U.S. Air Force completes test of innovative warfighting concept
The U.S. Air Force Installation and Mission Support Center announced on Tuesday that Air Force completed the final test of an innovative warfighting concept May 12 that could be a game-changer for future adaptive-basing constructs.
According to a news release put out by Michael Briggs, the Combat Support Wing proof-of-concept capstone exercise developed by the Air Force Installation and Mission Support Center and hosted by Air Combat Command’s 4th Fighter Wing at Seymour Johnson Air Force Base, North Carolina, tested the ability of three teams of about 30 Airmen each to establish and operate an airfield in an austere environment.
They had to defend the base and refuel and rearm F-15E Strike Eagles using multifunctional skills they learned during training events over the past month.

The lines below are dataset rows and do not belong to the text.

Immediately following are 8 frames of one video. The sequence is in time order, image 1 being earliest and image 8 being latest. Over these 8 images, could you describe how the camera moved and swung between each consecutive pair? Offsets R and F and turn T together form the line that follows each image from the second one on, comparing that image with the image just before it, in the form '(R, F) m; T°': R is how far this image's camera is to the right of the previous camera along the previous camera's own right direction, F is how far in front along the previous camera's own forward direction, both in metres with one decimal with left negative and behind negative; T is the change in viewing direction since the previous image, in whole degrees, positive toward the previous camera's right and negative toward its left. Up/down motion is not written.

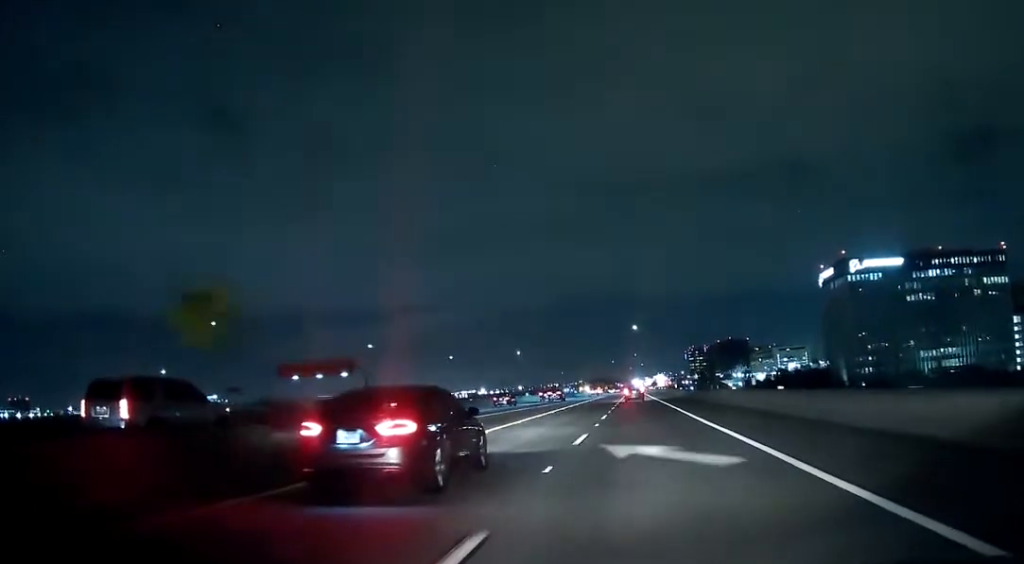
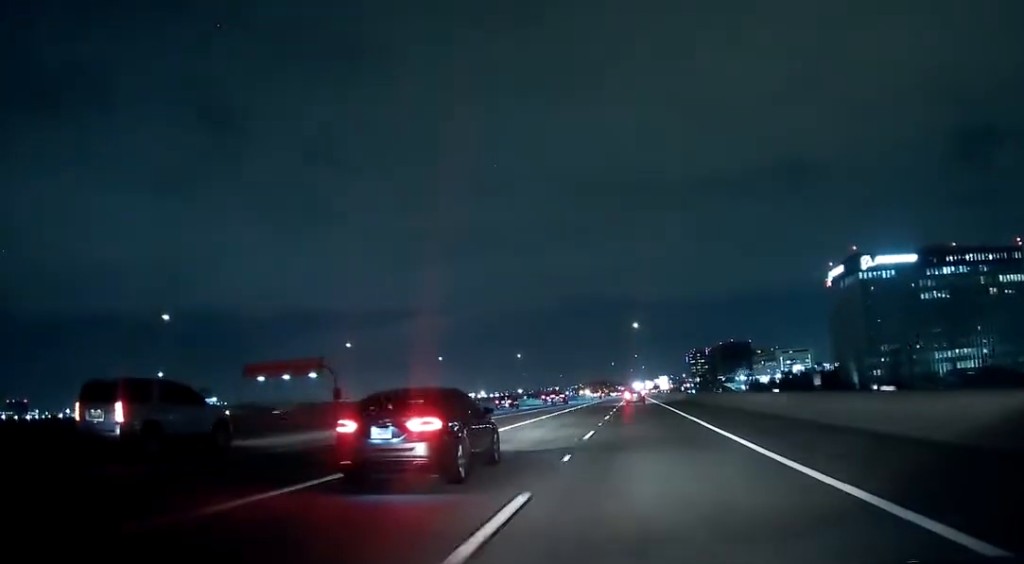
(0.0, +11.6) m; 0°
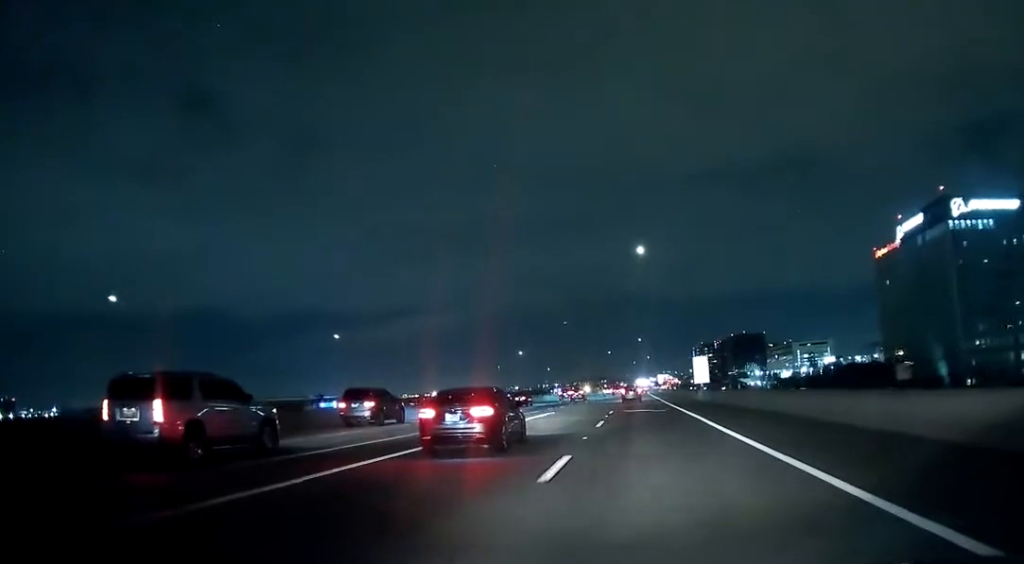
(-0.2, +68.1) m; 0°
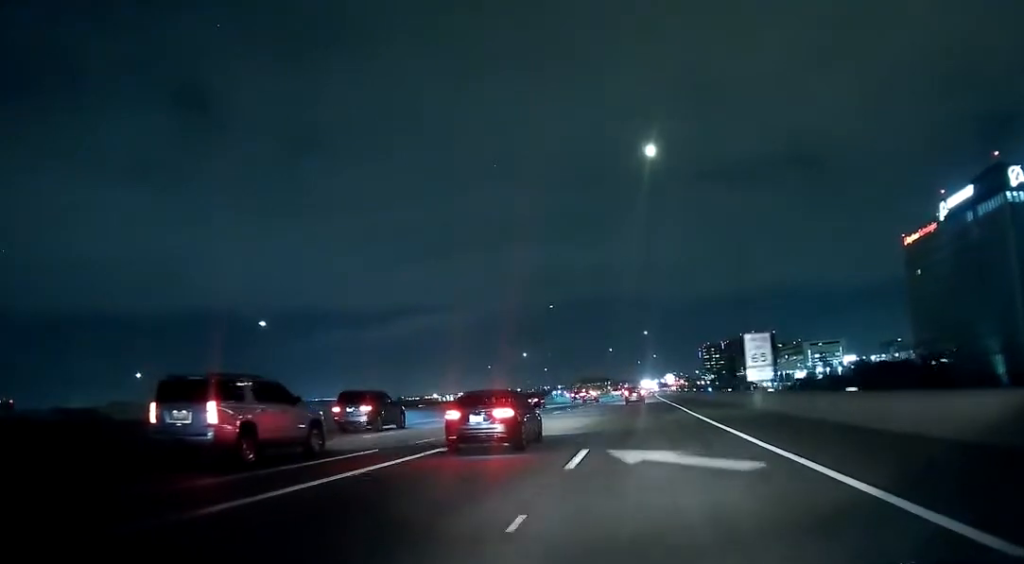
(+0.2, +27.0) m; 0°
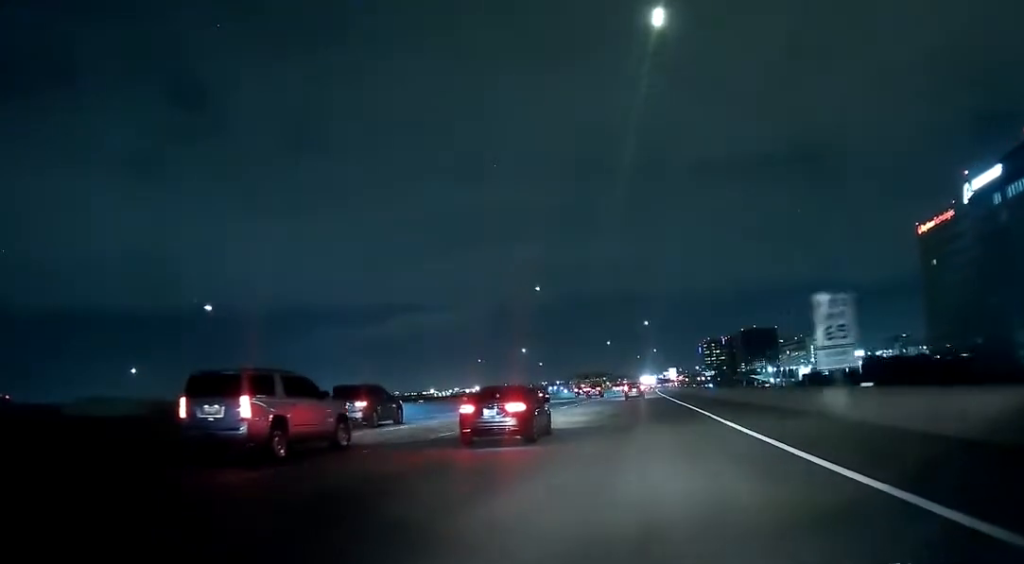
(0.0, +13.2) m; 0°
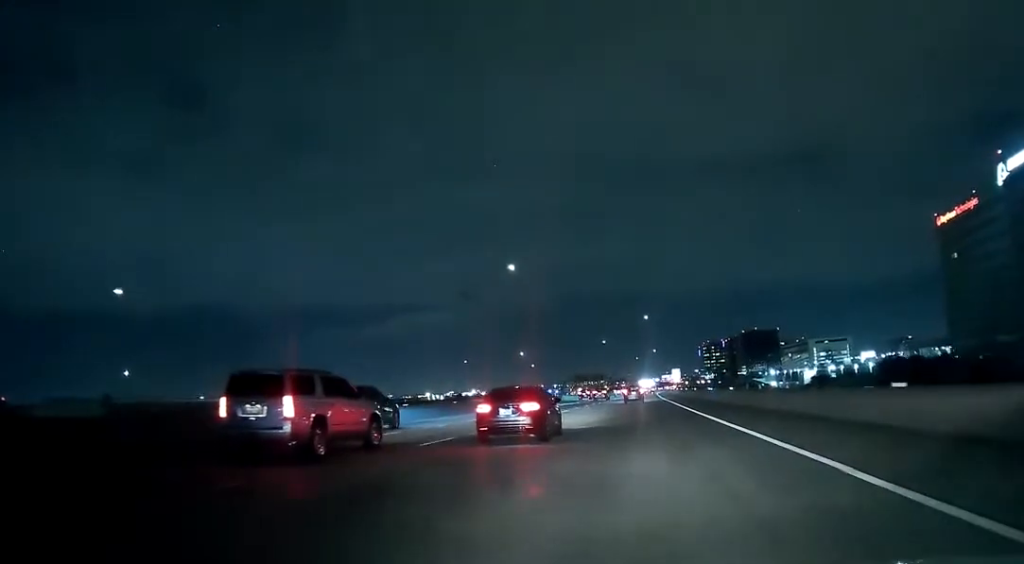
(0.0, +17.7) m; 0°
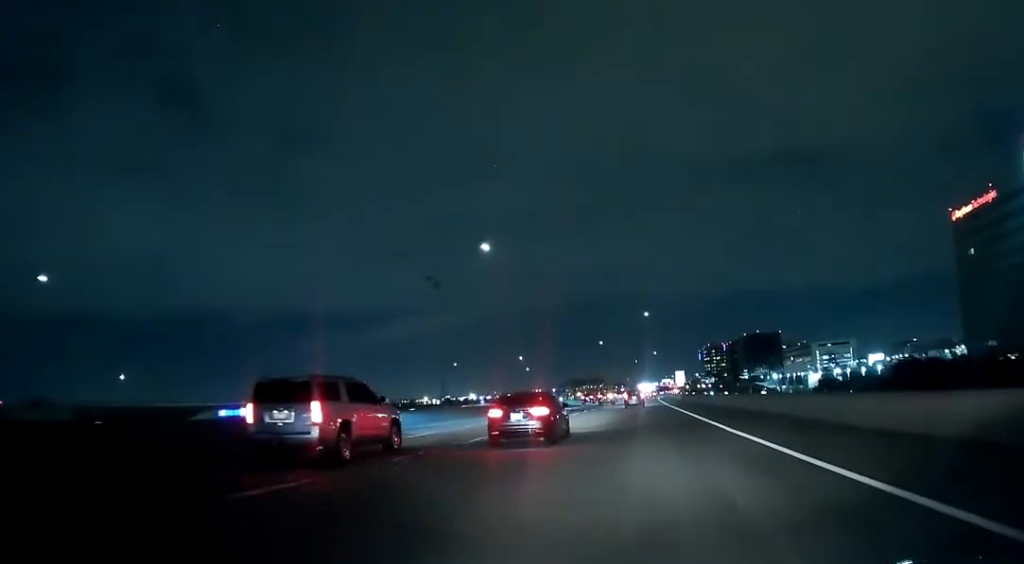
(0.0, +11.6) m; 0°
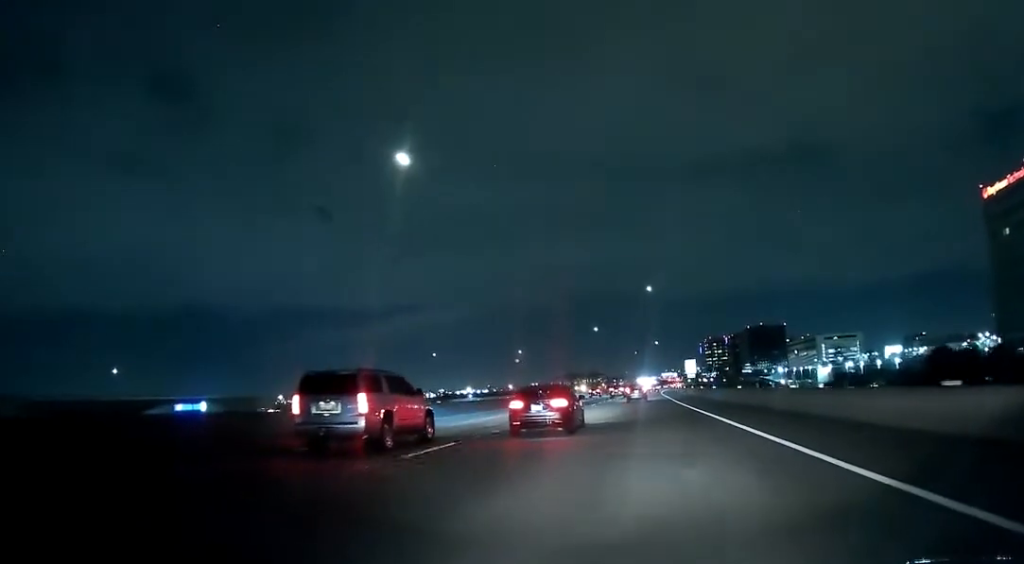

“We’ve seen monumental improvements in the ability of our Airmen to do things outside of their normal career fields and the speed at which they’re able to refuel and rearm jets,” said Brig. Gen. Brian Bruckbauer, AFIMSC director of expeditionary support and innovation. Bruckbauer’s directorate led the planning and execution of the exercise.
The concept supports National Defense Strategy priorities to evolve innovative operational concepts and enhance lethality in contested environments. If fielded, the CSW concept could give the Air Force the ability to rapidly deploy in smaller, more efficient and agile teams to austere and potentially contested areas. Under the multifunctional construct, weapons loaders could drive a refueling truck, security forces defenders could refuel a jet and avionics specialists could provide airfield security while also performing their primary duties.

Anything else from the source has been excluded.